Demandante: Andrés Mauricio Vela Correa
Magistrado Ponente:
Dr. JAIME ARAUJO RENTERIA
Bogotá D.C., veintidós (22) de mayo de dos mil dos (2002) La Sala Plena de la Corte Constitucional, en cumplimiento de sus atribuciones constitucionales y de los requisitos y trámite establecidos en el decreto 2067 de 1991, ha proferido la siguiente
S E N T E N C I A
I. ANTECEDENTES En ejercicio de la acción pública de inconstitucionalidad, el ciudadano ANDRES MAURICIO VELA CORREA, demandó el último inciso del artículo 52 de la ley 599 de 2000.

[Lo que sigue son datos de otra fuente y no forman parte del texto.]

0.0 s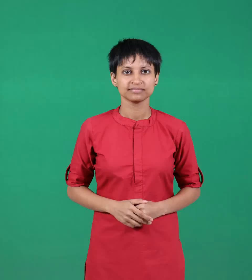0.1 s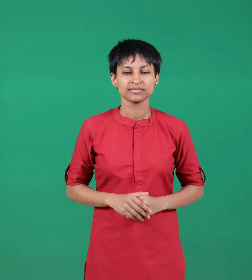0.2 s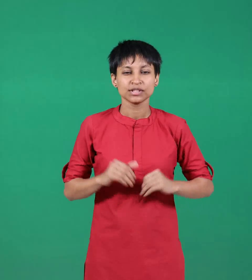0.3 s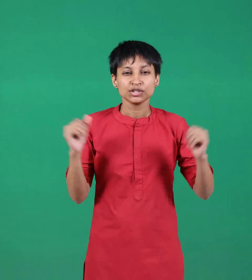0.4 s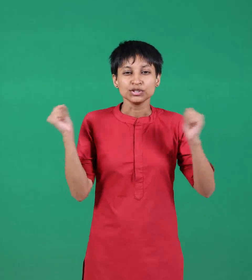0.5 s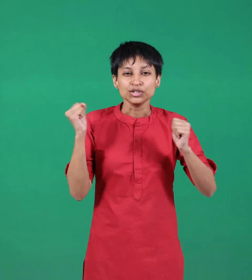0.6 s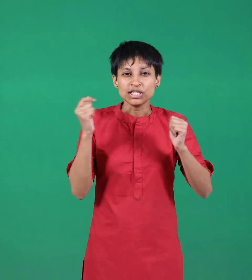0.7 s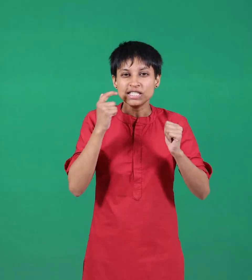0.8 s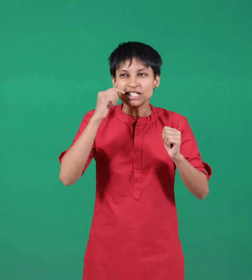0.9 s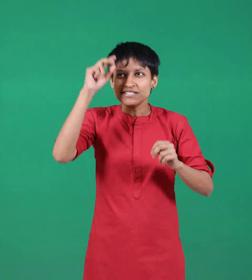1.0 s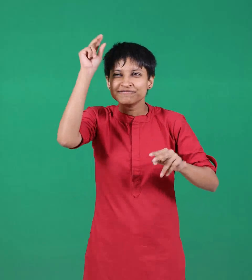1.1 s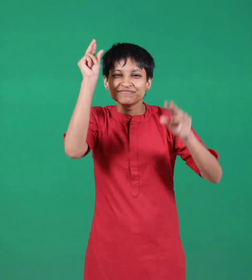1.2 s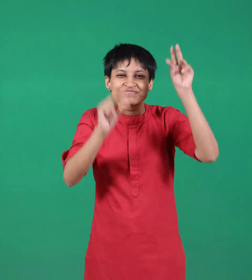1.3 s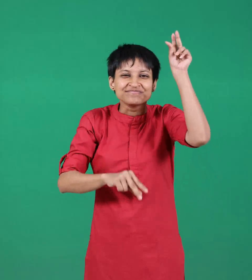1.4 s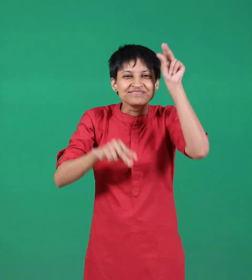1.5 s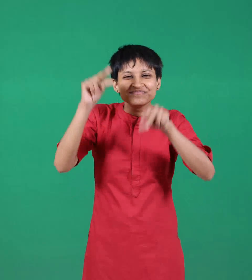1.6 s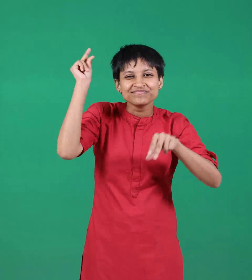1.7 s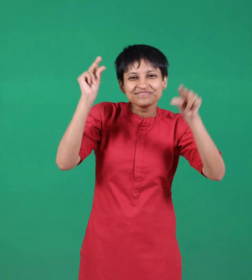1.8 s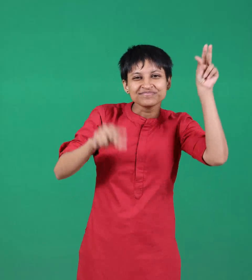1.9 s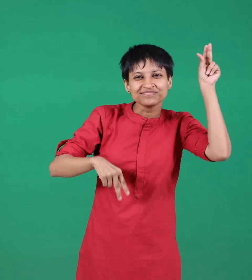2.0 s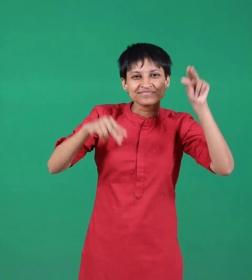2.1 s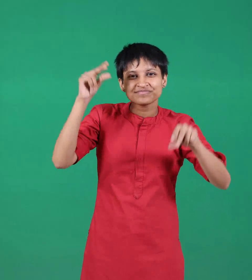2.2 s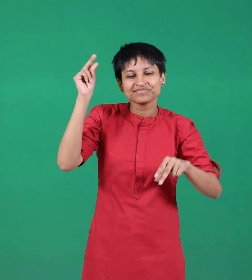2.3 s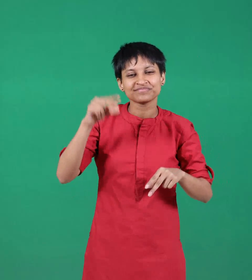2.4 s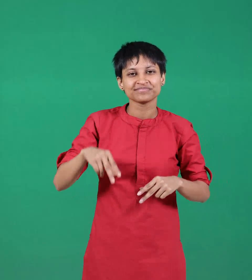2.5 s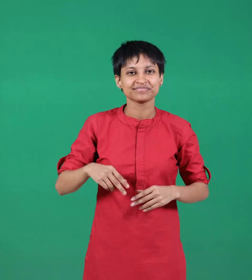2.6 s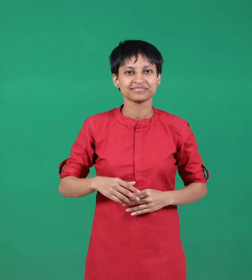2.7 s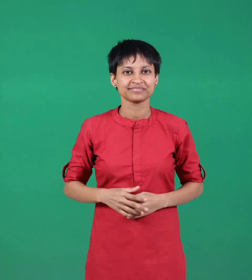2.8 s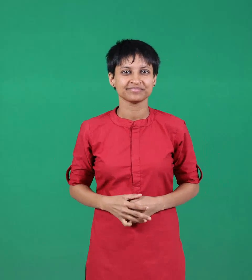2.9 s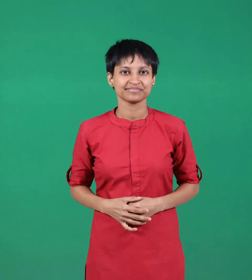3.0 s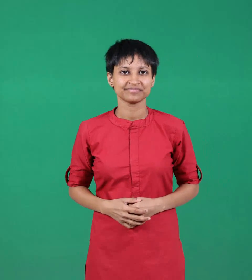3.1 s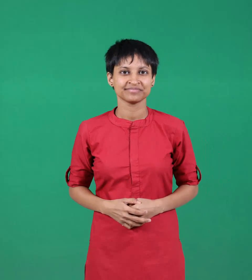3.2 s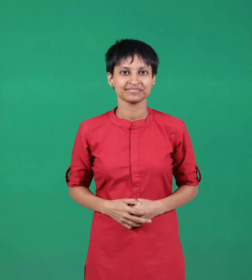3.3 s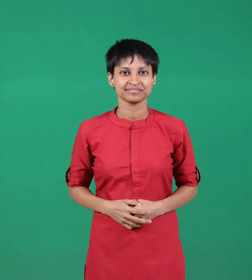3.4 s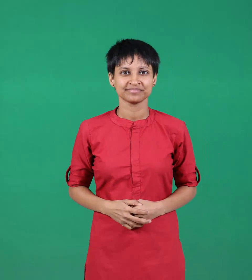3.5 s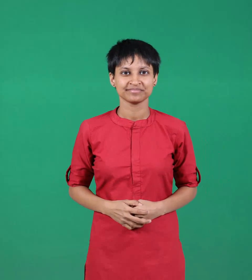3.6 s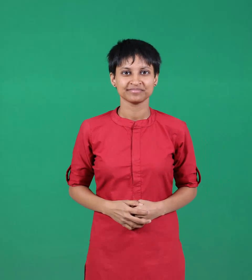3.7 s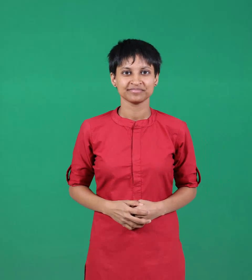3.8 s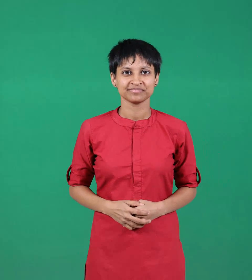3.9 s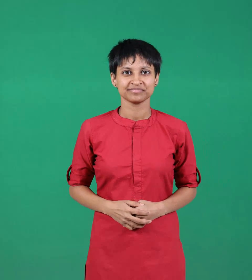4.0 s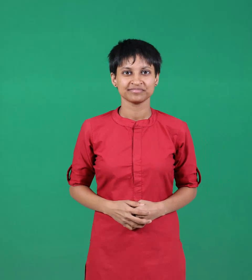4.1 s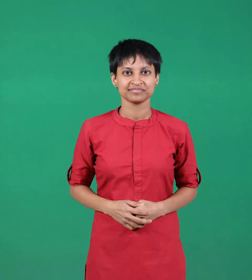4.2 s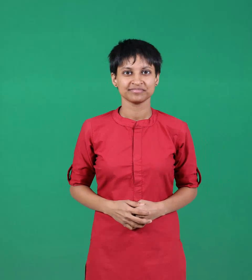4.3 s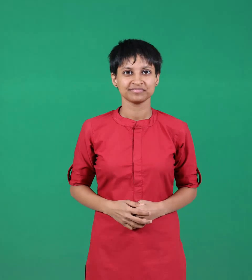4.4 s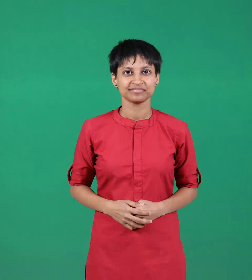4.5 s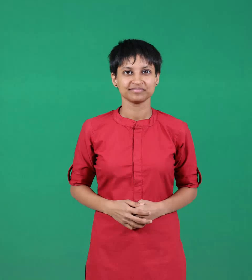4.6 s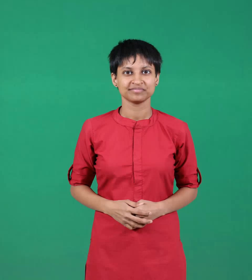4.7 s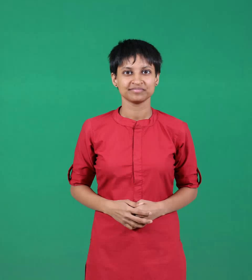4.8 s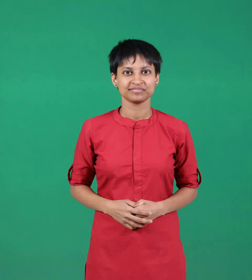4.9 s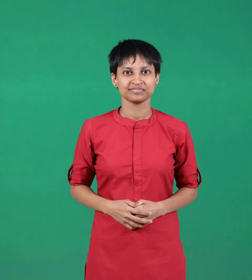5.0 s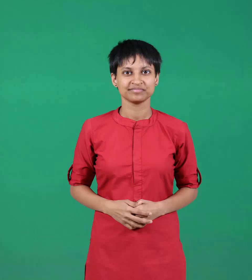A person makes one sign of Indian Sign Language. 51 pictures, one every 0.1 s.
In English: snow

Cumplidos los trámites constitucionales y legales propios de los procesos de inconstitucionalidad, la Corte Constitucional procede a decidir acerca de la demanda en referencia.
II. NORMA DEMANDADA A continuación se transcribe la norma demandada que forma parte de la ley 599 de 2000, la cual aparece publicada en el Diario Oficial número 44.097 del 24 de julio de 2000: "LEY 599 DE 2000 (24 de julio) "Por la cual se expide el nuevo Código Penal"
“Artículo 52. Las Penas Accesorias. (…) En todo caso, la pena de prisión conllevará la accesoria de inhabilitación para el
ejercicio de derechos y funciones públicas, por un tiempo igual al de la pena a que accede y hasta por una tercera parte más, sin exceder del máximo fijado en la Ley, sin perjuicio de la excepción a que alude el inciso 2 del artículo 51.”
III. LA DEMANDA Considera el actor que el inciso transcrito infringe el artículo 98 de la Carta Política por las siguientes razones: -Por un lado, estima que la suspensión de la ciudadanía es discrecional de la autoridad judicial y no se encuentra sujeta enteramente a la ley. Desde este punto de vista la norma demandada “se arroga una facultad que le corresponde al Juez discrecionalmente ejercer, excediendo de esta forma el limitado objeto que le impone la Constitución, cual es determinar los casos de suspensión, pero no provocar la suspensión” de forma automática. -Por otro lado, promueve la acción constitucional para reivindicar “el derecho que le asiste a todos los internos del país para ejercer su derecho - deber del voto, el cual debe desatarse o separarse de la privación de la libertad o prisión”. En su sentir, las personas que se encuentras recluidas en los centros penitenciarios cumpliendo una condena judicial, “deben poder protestar a través del sufragio contra el sistema del cual se pueden sentir víctimas, oprimidos y maltratados”. Afirma que el voto es entre otras cosas, “un mecanismo de inconformidad contra el sistema social, cultural, político, económico, jurídico y legal, tanto como contra el sistema penal, el derecho penal, o contra el desbordado e inhumano sistema penitenciario”.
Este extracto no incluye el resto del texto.